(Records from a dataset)

• • • • • • •

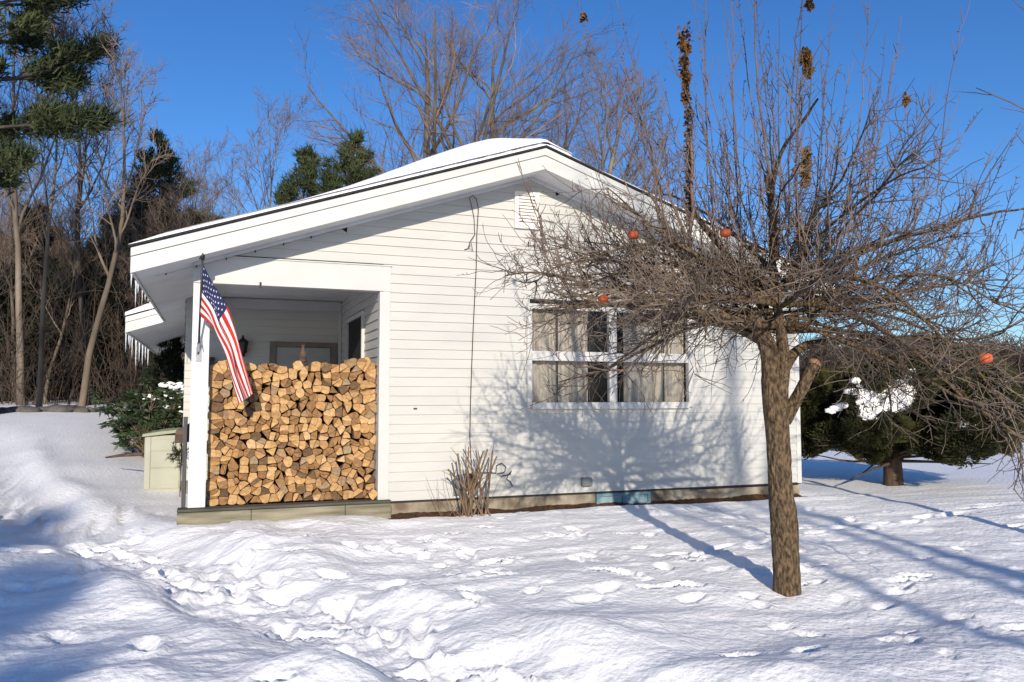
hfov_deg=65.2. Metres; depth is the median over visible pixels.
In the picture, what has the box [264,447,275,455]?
firewood log
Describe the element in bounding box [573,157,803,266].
roof snow
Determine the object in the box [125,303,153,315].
roof snow
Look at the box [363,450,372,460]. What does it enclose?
firewood log
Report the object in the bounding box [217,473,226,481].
firewood log
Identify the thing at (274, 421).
firewood log
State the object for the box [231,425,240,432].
firewood log
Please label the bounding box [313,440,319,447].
firewood log
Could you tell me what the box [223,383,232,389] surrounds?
firewood log
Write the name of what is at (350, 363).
firewood log
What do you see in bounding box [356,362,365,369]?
firewood log
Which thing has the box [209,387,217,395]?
firewood log
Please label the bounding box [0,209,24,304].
hardwood tree
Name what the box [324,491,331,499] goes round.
firewood log
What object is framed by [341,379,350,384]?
firewood log
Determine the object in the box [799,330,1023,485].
cedar shrub
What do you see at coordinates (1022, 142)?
neighbour tree
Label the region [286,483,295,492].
firewood log
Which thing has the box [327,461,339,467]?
firewood log
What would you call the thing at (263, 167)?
hardwood tree
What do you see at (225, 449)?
firewood log
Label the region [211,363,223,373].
firewood log
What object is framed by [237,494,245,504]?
firewood log
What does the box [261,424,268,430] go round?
firewood log
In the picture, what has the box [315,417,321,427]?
firewood log
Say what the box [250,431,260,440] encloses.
firewood log
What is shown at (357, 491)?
firewood log
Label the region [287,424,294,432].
firewood log
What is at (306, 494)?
firewood log
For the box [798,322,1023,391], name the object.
brush
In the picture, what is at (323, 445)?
firewood log
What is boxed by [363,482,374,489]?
firewood log
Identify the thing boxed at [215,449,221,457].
firewood log
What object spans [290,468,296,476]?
firewood log
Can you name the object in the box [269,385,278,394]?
firewood log
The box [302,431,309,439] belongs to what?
firewood log
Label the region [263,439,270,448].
firewood log
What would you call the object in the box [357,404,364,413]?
firewood log
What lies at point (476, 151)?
roof snow
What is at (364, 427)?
firewood log
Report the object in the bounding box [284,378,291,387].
firewood log
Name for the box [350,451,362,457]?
firewood log
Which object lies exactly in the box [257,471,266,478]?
firewood log
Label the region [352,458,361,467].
firewood log
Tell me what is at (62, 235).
hardwood tree
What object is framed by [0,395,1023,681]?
snow ground
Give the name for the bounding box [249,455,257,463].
firewood log
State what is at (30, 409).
field stone
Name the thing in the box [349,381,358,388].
firewood log
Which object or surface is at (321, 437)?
firewood log
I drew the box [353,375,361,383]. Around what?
firewood log
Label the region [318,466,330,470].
firewood log
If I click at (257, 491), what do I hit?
firewood log
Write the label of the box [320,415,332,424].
firewood log
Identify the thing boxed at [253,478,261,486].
firewood log
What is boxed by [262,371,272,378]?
firewood log
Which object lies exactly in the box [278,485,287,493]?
firewood log
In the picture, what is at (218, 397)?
firewood log
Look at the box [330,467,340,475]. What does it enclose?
firewood log
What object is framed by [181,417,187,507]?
side board
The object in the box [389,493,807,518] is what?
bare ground
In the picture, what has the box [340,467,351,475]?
firewood log
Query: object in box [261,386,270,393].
firewood log
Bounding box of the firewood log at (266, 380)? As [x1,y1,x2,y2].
[261,378,270,382]
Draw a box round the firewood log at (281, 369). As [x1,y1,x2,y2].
[275,366,286,373]
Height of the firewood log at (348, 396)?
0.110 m
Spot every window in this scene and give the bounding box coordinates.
[346,311,364,359]
[526,303,692,408]
[595,491,650,503]
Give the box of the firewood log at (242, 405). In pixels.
[237,400,248,409]
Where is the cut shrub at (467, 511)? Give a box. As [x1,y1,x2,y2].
[426,444,500,516]
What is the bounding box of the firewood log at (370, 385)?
[367,381,375,387]
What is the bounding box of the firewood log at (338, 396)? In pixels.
[332,393,342,400]
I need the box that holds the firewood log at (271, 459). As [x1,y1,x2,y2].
[266,455,275,463]
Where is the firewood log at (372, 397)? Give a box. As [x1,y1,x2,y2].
[360,394,374,403]
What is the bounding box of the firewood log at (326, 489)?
[320,486,329,491]
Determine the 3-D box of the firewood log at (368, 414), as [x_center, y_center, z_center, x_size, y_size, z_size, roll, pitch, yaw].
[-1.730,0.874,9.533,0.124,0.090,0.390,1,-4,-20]
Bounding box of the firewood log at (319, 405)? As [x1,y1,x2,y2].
[315,401,324,410]
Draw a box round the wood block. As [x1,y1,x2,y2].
[174,423,189,442]
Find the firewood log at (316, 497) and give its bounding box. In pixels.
[312,494,320,500]
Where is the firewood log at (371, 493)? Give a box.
[366,488,376,499]
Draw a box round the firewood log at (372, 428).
[368,424,374,433]
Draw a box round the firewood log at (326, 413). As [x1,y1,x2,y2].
[320,410,330,416]
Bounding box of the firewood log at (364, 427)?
[359,423,369,432]
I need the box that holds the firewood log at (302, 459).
[297,455,306,464]
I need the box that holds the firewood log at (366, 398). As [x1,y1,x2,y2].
[362,394,371,403]
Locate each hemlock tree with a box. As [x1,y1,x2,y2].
[0,200,80,401]
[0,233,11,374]
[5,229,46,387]
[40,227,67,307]
[45,244,97,395]
[59,212,132,397]
[71,204,172,402]
[119,328,172,392]
[129,337,184,417]
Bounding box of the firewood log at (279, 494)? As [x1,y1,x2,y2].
[276,490,283,500]
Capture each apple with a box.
[598,289,608,302]
[627,225,638,239]
[720,223,730,237]
[977,346,992,363]
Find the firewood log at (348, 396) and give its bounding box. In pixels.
[344,392,351,400]
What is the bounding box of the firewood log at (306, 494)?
[301,491,311,497]
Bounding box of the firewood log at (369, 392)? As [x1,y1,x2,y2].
[359,389,374,394]
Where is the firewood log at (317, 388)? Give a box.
[311,385,321,391]
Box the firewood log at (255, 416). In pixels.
[249,411,260,421]
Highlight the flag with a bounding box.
[196,253,252,403]
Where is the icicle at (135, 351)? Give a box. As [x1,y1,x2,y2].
[135,340,136,366]
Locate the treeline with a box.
[807,340,1023,362]
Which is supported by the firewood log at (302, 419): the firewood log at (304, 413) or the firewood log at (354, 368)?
the firewood log at (304, 413)
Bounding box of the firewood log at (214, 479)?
[207,475,216,481]
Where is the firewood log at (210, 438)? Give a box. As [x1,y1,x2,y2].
[208,434,213,443]
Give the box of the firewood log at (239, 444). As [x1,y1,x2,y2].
[236,439,241,449]
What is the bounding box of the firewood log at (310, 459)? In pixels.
[306,454,314,463]
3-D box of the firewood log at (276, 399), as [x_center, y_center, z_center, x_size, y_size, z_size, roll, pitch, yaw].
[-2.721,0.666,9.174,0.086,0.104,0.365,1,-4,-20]
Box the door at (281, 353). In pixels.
[269,341,336,368]
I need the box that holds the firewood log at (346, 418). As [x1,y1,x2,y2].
[339,415,351,420]
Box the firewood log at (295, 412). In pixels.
[290,408,300,416]
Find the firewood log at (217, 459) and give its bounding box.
[208,457,219,461]
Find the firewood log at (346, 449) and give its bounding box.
[341,445,350,453]
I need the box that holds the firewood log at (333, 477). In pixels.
[329,473,338,482]
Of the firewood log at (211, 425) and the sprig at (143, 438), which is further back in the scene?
the sprig at (143, 438)
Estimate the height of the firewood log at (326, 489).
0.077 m
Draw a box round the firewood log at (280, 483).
[274,478,284,487]
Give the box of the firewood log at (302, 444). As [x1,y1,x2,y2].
[298,440,305,449]
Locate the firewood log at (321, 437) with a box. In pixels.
[317,434,328,440]
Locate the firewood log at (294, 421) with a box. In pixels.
[289,418,298,424]
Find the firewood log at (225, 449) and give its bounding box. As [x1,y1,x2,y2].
[220,446,228,454]
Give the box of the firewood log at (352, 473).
[347,468,356,477]
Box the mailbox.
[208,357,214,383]
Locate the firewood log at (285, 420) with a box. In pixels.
[280,416,288,424]
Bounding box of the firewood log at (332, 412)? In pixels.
[327,408,334,416]
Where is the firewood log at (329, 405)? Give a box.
[326,403,332,409]
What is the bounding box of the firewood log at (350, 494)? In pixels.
[347,489,353,497]
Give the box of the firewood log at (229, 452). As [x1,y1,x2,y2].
[225,448,232,456]
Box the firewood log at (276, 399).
[272,395,279,403]
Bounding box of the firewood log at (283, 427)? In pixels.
[279,425,287,431]
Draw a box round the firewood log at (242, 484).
[238,480,248,489]
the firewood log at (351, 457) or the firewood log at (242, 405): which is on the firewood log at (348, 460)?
the firewood log at (351, 457)
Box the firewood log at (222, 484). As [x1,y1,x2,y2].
[217,477,227,488]
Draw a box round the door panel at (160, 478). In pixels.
[144,437,179,488]
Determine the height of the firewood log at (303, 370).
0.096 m
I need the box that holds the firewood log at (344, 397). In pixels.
[342,394,348,401]
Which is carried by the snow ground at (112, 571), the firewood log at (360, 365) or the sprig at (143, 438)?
the sprig at (143, 438)
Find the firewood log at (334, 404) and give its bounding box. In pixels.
[328,401,337,408]
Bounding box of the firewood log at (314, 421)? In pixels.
[309,417,317,425]
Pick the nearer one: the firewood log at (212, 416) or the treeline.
the firewood log at (212, 416)
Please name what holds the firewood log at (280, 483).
on the firewood log at (283, 489)
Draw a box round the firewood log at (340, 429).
[334,425,344,434]
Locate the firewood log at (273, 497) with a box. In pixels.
[268,493,278,501]
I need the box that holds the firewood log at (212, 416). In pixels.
[208,411,221,419]
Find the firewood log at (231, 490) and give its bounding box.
[227,484,237,493]
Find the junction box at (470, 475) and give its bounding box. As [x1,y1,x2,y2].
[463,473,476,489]
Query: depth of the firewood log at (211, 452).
8.75 m
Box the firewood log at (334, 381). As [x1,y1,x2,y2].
[331,378,340,384]
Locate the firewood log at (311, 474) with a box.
[307,469,315,478]
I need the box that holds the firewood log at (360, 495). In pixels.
[353,491,362,497]
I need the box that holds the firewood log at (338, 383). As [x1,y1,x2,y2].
[332,379,342,386]
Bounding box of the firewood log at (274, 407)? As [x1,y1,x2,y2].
[270,403,279,411]
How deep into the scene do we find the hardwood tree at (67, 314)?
25.14 m
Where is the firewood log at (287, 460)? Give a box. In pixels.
[282,455,292,467]
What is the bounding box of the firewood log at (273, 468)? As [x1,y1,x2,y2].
[266,465,276,470]
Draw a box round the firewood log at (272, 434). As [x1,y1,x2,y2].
[268,431,275,440]
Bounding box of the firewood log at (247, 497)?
[244,493,252,502]
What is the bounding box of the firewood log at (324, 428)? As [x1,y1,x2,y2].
[317,424,328,432]
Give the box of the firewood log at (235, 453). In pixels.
[232,448,239,457]
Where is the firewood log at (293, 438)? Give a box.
[288,435,298,440]
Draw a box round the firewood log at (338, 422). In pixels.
[332,417,342,427]
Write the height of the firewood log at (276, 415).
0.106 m
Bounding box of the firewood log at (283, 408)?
[279,404,287,412]
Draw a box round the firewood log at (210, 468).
[207,465,217,472]
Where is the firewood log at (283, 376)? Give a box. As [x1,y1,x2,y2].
[278,371,288,379]
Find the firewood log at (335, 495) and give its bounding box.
[330,491,341,499]
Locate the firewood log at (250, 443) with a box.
[246,438,255,448]
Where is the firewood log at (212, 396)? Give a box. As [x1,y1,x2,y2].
[209,391,218,400]
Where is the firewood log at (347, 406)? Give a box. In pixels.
[342,401,351,412]
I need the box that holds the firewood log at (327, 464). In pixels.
[319,461,330,467]
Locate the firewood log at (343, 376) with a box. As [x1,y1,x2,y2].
[340,373,349,379]
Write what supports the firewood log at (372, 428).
on the firewood log at (372, 440)
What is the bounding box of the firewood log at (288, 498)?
[282,494,292,500]
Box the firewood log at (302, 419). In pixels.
[299,416,306,423]
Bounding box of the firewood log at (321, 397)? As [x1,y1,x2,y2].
[317,394,325,401]
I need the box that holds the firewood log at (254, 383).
[251,380,260,386]
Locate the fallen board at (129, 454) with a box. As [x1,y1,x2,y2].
[105,452,143,457]
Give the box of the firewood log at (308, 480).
[305,474,315,483]
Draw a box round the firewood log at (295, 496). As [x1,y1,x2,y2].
[292,492,298,500]
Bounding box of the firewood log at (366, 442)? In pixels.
[363,438,369,445]
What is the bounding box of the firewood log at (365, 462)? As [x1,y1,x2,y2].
[361,458,369,466]
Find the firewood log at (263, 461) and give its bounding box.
[258,456,267,464]
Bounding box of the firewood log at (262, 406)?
[260,402,266,410]
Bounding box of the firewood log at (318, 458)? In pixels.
[315,454,322,464]
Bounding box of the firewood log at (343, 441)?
[340,438,349,445]
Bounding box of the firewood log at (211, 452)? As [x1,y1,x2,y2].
[208,449,215,456]
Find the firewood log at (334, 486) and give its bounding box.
[330,483,337,491]
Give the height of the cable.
3.548 m
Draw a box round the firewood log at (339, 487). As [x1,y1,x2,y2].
[334,483,341,490]
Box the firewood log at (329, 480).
[324,475,334,484]
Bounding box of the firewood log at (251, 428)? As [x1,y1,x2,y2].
[247,425,254,431]
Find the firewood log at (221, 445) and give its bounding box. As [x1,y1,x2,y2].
[215,439,224,449]
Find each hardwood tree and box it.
[0,0,176,406]
[0,2,142,405]
[0,6,135,406]
[0,138,89,401]
[0,146,71,395]
[0,186,39,294]
[0,189,24,253]
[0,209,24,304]
[2,188,107,403]
[7,149,86,236]
[9,0,154,404]
[28,223,80,300]
[29,167,100,389]
[35,239,68,294]
[50,203,89,295]
[50,203,92,374]
[80,175,177,393]
[81,167,181,235]
[86,175,147,248]
[86,244,122,351]
[93,164,179,388]
[110,197,160,395]
[117,127,253,239]
[125,169,230,359]
[148,188,192,235]
[169,165,228,221]
[180,156,240,217]
[185,79,325,219]
[273,0,625,176]
[281,158,320,199]
[304,0,636,192]
[408,38,704,210]
[558,51,702,206]
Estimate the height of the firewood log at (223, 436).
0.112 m
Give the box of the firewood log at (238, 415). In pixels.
[234,411,244,418]
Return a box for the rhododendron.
[87,374,183,457]
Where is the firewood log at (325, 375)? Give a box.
[321,371,330,378]
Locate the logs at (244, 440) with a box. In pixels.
[206,360,362,494]
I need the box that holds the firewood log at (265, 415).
[260,410,269,419]
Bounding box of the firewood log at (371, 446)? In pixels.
[368,442,374,450]
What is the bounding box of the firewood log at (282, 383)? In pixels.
[279,378,287,387]
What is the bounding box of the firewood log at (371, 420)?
[367,415,374,423]
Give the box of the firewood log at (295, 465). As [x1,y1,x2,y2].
[290,461,299,469]
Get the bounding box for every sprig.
[130,423,157,449]
[166,442,188,496]
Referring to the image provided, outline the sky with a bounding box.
[0,0,1023,353]
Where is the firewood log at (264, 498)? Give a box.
[259,493,270,502]
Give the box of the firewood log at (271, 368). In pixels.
[268,364,276,370]
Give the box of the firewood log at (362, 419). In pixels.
[357,415,367,423]
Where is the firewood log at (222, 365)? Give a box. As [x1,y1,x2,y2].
[218,361,226,372]
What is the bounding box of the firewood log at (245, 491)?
[240,486,250,495]
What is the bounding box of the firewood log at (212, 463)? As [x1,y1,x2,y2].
[208,459,219,465]
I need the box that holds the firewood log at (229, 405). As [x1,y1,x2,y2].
[223,401,235,408]
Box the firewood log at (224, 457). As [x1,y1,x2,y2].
[220,454,230,461]
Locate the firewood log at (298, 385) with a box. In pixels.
[293,381,301,388]
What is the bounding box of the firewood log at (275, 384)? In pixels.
[270,380,279,387]
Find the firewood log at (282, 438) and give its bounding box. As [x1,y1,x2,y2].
[277,434,287,441]
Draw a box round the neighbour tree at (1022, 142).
[952,0,1023,340]
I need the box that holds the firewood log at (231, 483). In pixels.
[227,477,234,486]
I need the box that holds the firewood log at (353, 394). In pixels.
[347,391,358,397]
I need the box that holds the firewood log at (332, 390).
[329,385,337,392]
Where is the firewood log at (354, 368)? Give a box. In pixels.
[350,365,360,371]
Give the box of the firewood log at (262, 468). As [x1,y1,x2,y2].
[257,463,266,471]
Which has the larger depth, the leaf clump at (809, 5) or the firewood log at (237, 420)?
the firewood log at (237, 420)
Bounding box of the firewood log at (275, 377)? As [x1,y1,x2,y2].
[271,372,279,381]
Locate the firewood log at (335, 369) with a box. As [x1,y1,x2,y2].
[330,366,338,372]
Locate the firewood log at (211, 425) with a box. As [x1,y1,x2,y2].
[208,421,217,429]
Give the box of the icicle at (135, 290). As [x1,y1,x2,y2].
[135,280,136,304]
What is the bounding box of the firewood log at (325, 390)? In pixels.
[318,385,329,393]
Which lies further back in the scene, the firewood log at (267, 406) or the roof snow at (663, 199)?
the roof snow at (663, 199)
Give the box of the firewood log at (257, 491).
[251,487,260,495]
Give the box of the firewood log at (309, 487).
[304,483,312,491]
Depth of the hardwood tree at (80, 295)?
25.55 m
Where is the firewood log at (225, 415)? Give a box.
[222,409,227,419]
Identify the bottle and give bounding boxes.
[299,345,306,362]
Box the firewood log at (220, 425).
[214,421,223,428]
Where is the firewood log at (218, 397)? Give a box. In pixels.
[212,393,222,401]
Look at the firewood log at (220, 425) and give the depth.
8.79 m
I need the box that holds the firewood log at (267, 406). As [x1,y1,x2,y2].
[265,403,270,410]
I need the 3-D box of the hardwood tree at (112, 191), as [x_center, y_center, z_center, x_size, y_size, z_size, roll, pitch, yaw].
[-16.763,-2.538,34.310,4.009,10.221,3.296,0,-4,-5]
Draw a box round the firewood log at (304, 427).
[301,423,307,431]
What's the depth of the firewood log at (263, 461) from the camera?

• • • • • • •

■ Task details ■
Within the data above, filter for lines containing the word "roll" and copy each one.

■ Worked solution ■
Determine the 3-D box of the firewood log at (368, 414), as [x_center, y_center, z_center, x_size, y_size, z_size, roll, pitch, yaw].
3-D box of the firewood log at (276, 399), as [x_center, y_center, z_center, x_size, y_size, z_size, roll, pitch, yaw].
I need the 3-D box of the hardwood tree at (112, 191), as [x_center, y_center, z_center, x_size, y_size, z_size, roll, pitch, yaw].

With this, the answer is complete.